Activity:
From the entries that follow, copy exactly the lines beginning at the line holding "오류가 있을 수도 있지만" and continuing through the line holding "bodna. Tako da, tudi".

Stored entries
+ + + + +

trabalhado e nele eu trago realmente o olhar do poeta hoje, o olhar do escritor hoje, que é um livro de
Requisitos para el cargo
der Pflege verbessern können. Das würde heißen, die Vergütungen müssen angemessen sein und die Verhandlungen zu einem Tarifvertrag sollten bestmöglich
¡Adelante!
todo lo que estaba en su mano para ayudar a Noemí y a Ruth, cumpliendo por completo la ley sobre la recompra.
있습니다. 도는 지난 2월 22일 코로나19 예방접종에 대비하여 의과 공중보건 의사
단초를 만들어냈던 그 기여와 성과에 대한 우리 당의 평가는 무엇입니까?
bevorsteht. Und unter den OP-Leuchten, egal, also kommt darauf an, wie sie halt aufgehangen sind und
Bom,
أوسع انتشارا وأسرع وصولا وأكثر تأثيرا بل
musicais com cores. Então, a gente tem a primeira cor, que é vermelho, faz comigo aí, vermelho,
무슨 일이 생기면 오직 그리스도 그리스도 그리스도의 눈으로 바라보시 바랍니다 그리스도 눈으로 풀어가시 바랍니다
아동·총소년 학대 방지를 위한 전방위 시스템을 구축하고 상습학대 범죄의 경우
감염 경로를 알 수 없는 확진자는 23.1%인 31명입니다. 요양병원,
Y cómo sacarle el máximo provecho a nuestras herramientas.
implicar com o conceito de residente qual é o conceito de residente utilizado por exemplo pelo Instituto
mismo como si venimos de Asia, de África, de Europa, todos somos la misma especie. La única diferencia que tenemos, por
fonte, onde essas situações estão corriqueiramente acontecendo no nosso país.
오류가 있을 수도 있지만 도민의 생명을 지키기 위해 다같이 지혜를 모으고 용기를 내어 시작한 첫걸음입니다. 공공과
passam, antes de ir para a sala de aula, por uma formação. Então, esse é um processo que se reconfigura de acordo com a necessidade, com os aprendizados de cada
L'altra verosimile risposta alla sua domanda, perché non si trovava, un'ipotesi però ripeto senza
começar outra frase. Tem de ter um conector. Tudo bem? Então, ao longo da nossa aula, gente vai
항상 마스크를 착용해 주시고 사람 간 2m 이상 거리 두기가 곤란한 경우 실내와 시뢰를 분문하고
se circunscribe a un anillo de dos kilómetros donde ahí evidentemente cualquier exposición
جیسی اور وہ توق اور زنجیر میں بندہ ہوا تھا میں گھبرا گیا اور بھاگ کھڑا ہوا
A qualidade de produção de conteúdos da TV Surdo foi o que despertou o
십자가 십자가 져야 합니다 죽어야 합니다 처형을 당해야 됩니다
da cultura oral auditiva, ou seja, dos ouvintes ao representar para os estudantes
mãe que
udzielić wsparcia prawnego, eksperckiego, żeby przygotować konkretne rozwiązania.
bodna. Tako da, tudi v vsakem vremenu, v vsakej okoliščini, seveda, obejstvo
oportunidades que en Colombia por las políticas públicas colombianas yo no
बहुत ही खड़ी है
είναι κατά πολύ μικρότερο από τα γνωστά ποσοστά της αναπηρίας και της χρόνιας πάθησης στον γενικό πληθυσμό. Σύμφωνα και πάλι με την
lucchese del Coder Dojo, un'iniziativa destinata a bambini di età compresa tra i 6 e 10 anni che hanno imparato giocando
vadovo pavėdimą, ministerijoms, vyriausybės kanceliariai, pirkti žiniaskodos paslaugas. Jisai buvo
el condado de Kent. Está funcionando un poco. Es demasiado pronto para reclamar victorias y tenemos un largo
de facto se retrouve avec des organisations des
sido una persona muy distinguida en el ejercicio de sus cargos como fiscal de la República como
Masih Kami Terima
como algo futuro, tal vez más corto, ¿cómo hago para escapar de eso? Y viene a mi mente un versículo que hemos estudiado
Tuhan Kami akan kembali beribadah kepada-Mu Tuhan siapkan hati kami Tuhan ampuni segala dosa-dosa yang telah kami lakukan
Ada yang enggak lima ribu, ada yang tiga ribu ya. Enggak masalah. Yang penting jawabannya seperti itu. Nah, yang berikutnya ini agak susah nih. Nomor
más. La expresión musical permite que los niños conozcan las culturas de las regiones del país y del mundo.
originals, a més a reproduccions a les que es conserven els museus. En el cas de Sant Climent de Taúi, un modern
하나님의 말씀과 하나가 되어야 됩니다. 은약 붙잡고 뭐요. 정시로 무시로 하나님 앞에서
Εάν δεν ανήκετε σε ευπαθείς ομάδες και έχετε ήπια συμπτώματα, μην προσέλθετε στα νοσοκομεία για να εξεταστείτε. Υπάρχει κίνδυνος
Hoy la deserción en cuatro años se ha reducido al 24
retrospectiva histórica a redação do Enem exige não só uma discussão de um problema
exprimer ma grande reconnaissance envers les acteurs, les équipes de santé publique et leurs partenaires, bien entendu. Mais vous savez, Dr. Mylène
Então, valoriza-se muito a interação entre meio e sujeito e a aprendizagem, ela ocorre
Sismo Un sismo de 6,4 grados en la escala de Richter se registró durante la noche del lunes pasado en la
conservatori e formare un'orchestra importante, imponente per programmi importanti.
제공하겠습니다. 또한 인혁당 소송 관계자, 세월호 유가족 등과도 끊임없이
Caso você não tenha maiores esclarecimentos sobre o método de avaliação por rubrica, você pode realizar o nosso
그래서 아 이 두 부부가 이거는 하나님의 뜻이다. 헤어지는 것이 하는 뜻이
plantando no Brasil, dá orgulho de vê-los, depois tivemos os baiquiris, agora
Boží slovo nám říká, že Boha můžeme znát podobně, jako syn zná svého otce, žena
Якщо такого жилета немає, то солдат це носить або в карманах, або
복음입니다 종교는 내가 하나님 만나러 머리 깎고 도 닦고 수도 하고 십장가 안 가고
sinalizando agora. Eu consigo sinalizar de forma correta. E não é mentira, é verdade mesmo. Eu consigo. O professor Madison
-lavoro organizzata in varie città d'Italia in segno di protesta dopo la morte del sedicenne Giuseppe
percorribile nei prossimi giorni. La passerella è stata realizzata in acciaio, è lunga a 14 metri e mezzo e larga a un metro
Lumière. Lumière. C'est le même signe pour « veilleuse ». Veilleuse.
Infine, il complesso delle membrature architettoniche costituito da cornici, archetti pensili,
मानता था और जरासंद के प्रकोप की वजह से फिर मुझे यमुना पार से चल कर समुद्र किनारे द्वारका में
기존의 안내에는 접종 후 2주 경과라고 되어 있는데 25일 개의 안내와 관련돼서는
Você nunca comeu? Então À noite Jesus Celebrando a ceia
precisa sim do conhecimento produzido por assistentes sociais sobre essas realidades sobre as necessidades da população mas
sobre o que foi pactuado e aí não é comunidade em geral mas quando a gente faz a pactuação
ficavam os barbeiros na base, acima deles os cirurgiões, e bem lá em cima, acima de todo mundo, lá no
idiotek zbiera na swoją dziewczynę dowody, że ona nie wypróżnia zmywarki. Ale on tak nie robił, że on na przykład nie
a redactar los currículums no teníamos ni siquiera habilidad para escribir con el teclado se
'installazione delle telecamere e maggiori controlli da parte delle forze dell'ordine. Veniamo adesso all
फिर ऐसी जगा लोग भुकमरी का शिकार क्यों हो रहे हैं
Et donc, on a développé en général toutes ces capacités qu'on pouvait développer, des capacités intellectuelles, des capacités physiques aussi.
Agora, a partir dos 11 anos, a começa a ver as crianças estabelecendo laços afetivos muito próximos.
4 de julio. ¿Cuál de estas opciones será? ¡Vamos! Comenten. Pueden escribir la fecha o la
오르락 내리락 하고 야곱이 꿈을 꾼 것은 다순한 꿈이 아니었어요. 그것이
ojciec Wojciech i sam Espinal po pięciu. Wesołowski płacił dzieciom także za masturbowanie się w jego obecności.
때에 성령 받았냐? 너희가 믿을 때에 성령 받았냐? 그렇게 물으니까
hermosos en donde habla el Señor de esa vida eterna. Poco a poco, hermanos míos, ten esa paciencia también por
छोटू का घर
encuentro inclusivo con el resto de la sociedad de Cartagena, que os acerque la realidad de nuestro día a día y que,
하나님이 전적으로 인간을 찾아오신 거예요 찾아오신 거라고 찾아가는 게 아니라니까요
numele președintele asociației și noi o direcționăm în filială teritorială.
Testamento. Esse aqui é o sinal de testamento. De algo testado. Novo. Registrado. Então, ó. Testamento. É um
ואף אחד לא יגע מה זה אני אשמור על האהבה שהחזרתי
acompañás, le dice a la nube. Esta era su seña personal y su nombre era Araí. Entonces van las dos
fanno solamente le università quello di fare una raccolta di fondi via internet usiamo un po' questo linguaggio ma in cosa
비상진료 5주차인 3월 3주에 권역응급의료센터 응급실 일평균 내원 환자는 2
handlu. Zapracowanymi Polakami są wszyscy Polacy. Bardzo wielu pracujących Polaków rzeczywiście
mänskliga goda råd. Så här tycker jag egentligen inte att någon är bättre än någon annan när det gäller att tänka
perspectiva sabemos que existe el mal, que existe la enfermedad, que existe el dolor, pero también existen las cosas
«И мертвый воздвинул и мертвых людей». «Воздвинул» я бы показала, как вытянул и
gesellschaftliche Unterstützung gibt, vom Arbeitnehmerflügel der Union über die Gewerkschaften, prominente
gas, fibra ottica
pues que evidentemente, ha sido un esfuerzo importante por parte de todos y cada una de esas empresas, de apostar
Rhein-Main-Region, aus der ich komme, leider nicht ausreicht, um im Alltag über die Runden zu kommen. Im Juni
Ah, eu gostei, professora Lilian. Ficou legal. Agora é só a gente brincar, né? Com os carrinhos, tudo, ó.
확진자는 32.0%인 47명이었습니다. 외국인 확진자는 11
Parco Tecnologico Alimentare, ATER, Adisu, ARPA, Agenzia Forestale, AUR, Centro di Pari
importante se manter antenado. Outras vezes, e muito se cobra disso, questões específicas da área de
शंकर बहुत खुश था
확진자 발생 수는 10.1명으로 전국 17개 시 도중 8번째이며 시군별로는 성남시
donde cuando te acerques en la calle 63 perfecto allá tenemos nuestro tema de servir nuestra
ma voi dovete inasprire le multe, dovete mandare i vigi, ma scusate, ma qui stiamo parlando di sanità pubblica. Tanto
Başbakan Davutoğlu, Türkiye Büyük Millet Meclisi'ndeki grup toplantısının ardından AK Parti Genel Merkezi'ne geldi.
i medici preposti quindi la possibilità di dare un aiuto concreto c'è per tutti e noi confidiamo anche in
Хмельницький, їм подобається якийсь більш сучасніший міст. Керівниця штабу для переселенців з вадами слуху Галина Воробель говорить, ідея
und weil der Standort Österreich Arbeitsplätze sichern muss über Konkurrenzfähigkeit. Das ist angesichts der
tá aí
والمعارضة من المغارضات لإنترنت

+ + + + +

Answer to the exercise:
오류가 있을 수도 있지만 도민의 생명을 지키기 위해 다같이 지혜를 모으고 용기를 내어 시작한 첫걸음입니다. 공공과
passam, antes de ir para a sala de aula, por uma formação. Então, esse é um processo que se reconfigura de acordo com a necessidade, com os aprendizados de cada
L'altra verosimile risposta alla sua domanda, perché non si trovava, un'ipotesi però ripeto senza
começar outra frase. Tem de ter um conector. Tudo bem? Então, ao longo da nossa aula, gente vai
항상 마스크를 착용해 주시고 사람 간 2m 이상 거리 두기가 곤란한 경우 실내와 시뢰를 분문하고
se circunscribe a un anillo de dos kilómetros donde ahí evidentemente cualquier exposición
جیسی اور وہ توق اور زنجیر میں بندہ ہوا تھا میں گھبرا گیا اور بھاگ کھڑا ہوا
A qualidade de produção de conteúdos da TV Surdo foi o que despertou o
십자가 십자가 져야 합니다 죽어야 합니다 처형을 당해야 됩니다
da cultura oral auditiva, ou seja, dos ouvintes ao representar para os estudantes
mãe que
udzielić wsparcia prawnego, eksperckiego, żeby przygotować konkretne rozwiązania.
bodna. Tako da, tudi v vsakem vremenu, v vsakej okoliščini, seveda, obejstvo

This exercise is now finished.